Joel Bowman, surveying the situation today from Buenos Aires, Argentina...
Welcome to another Sunday Session, dear reader, that time of the week when we gather at the virtual saloon to solve the world’s problems, one copa de bonarda at a time...
We jest, of course. It takes a humble public servant to actually believe he/she/they can make the whole world a better place... and to do so at everyone else’s expense.
The best we mere citizens can hope for is to put one pant leg on at a time and one foot in front of the other. Small victories. Speaking of which, we hear our American readers are readying for the big game later today, baking quail egg cookies and such, if we understand Dan correctly...

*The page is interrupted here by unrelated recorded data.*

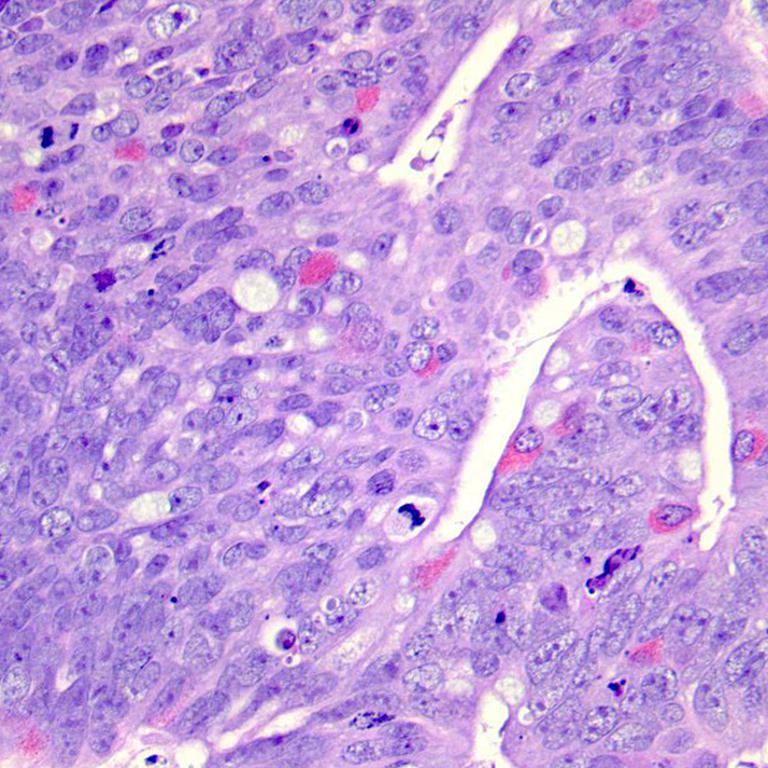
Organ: colon
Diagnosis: adenocarcinomas
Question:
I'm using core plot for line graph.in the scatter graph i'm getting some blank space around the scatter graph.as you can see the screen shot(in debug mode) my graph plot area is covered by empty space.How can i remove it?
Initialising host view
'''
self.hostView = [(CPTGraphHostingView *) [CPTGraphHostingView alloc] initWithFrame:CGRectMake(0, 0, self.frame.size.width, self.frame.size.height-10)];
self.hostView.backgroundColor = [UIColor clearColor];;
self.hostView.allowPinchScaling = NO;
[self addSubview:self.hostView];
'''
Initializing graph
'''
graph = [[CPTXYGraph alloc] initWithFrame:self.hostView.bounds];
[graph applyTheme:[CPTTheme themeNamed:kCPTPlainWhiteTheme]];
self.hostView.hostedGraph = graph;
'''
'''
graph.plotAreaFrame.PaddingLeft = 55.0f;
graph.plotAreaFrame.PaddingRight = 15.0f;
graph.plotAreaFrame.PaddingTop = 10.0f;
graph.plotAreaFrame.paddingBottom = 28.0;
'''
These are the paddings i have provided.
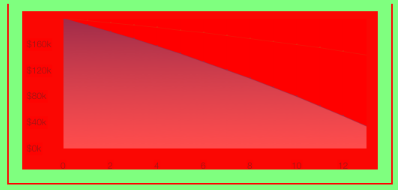
Answer: The graph starts with 20 pixels of padding on each edge but that's easy to change:
'''
graph.PaddingLeft = 0.0;
graph.PaddingTop = 0.0;
graph.PaddingRight = 0.0;
graph.PaddingBottom = 0.0;
'''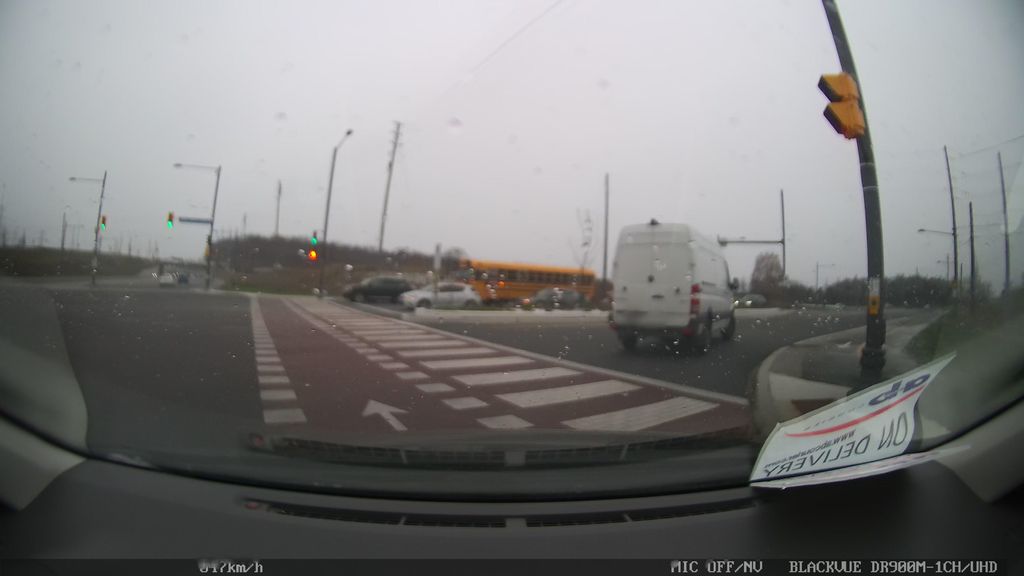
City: toronto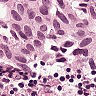
Metastatic tissue present: yes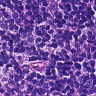
Metastatic tissue present: no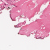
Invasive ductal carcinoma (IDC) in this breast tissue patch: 0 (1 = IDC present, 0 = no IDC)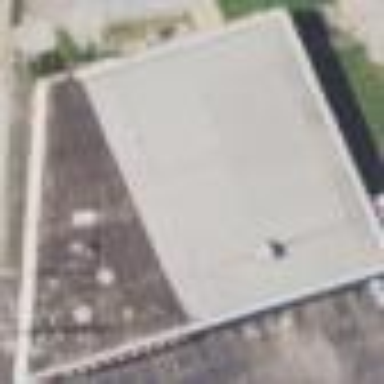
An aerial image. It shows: Industrial building.
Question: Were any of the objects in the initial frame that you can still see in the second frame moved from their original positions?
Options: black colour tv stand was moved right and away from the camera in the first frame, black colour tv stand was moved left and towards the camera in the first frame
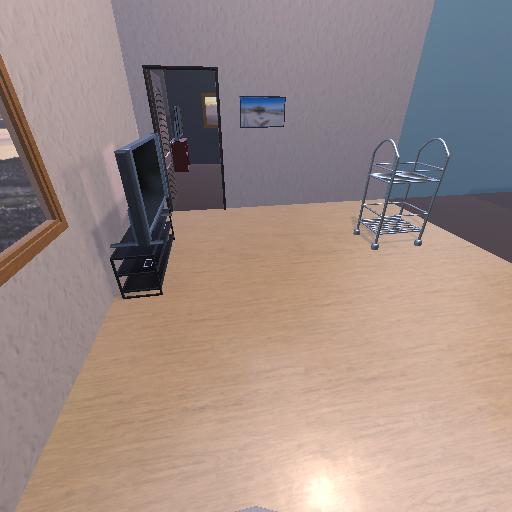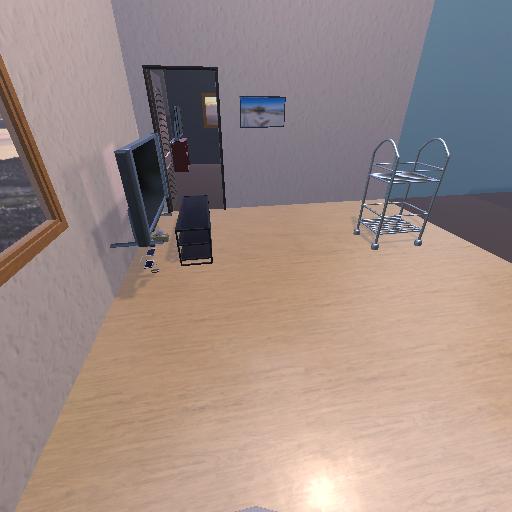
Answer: black colour tv stand was moved right and away from the camera in the first frame

We have no idea who’s in the match, what the pitch conditions are like, or which team is favored to score the most runs, but we wish everyone a fair contest all the same. (Just kidding. Go team!)

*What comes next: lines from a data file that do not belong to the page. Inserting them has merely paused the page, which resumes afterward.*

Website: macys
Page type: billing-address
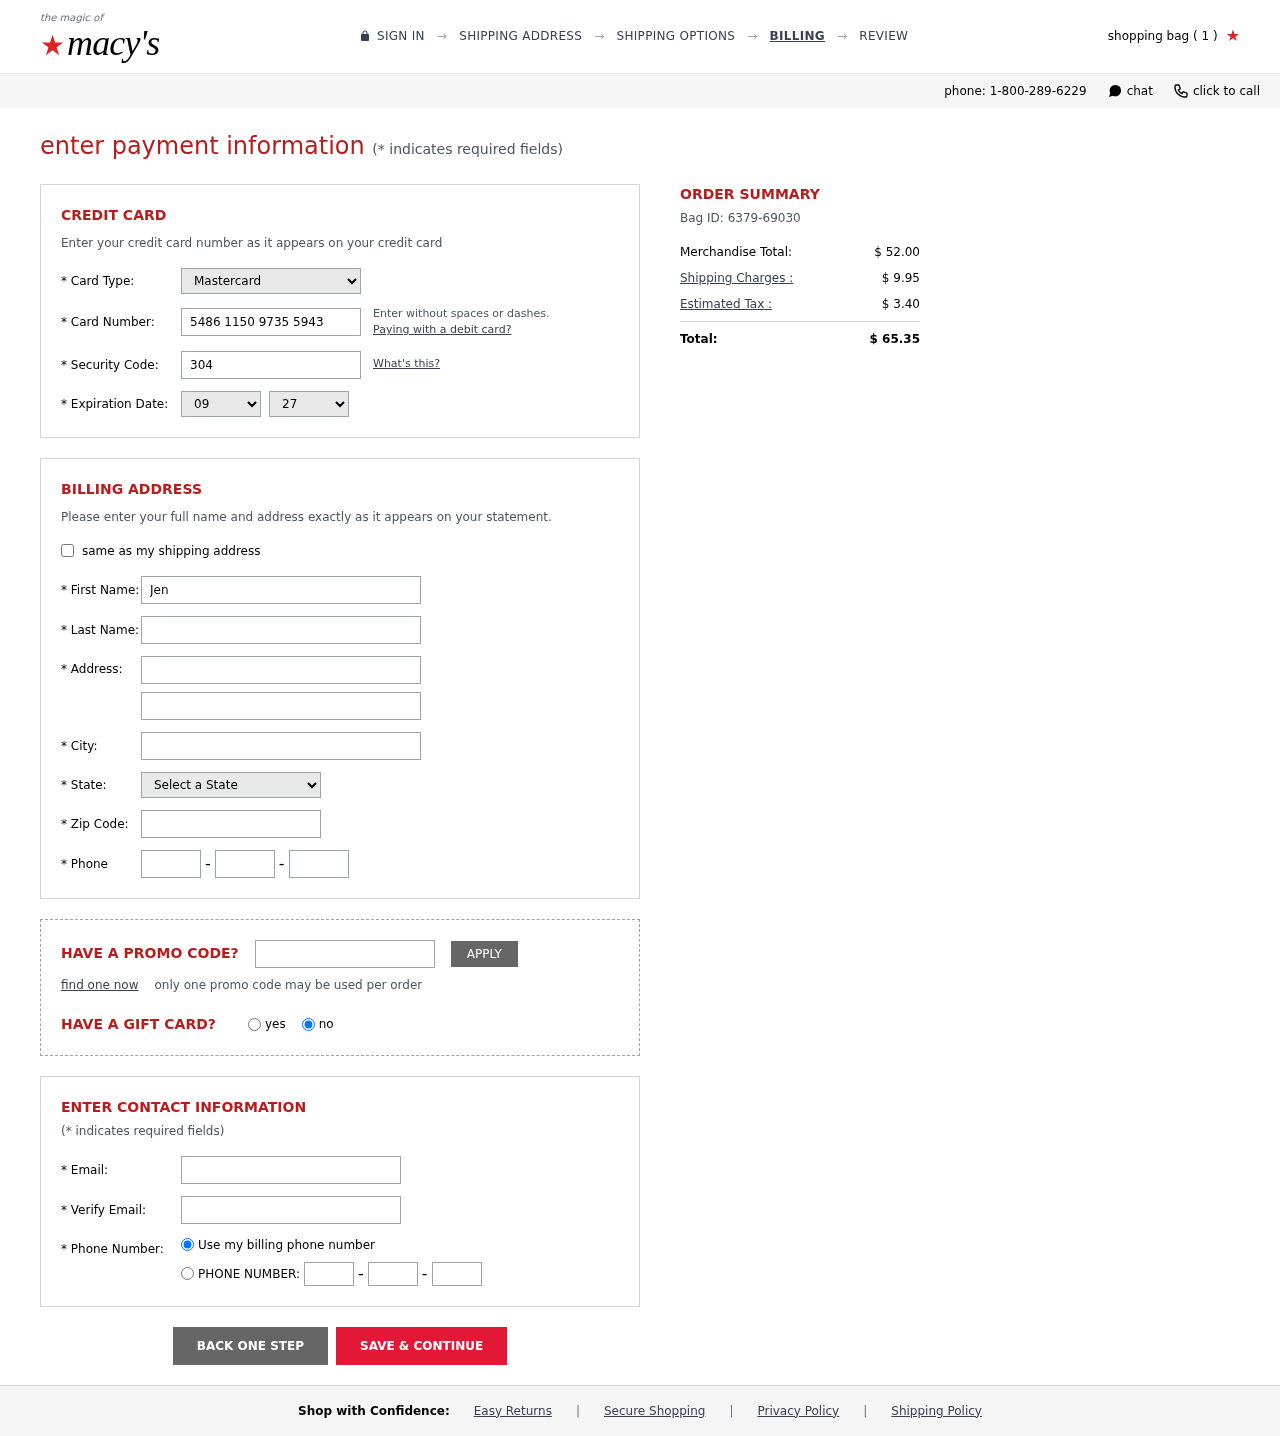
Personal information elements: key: PII_CARD_CVV
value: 304
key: PII_CARD_EXPIRY_MONTH
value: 09
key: PII_CARD_EXPIRY_YEAR
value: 27
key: PII_CARD_NUMBER
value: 5486 1150 9735 5943
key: PII_CARD_TYPE
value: Mastercard
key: PII_CITY
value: South Crystalport
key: PII_EMAIL
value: jenna_clark@yahoo.com
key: PII_FIRSTNAME
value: Jenna
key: PII_LASTNAME
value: Clark
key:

Meanwhile, the cost of this year’s Super Bowl party might come as something of a shock. Analysis by the serious-sounding team at GoBankingRates.com warns us to “get ready for the spending equivalent of being sacked for a 15-yard loss.”
Umm... what? Oh, here’s the bit we understand...
U.S. consumers are expected to spend a total of $16.5 billion on food, drinks, apparel, decorations and other items this Super Sunday, according to Statista. That’s nearly $2 billion more than in 2022. Food and beverages take up a huge part of this share, with Americans expected to pay around $85 per person.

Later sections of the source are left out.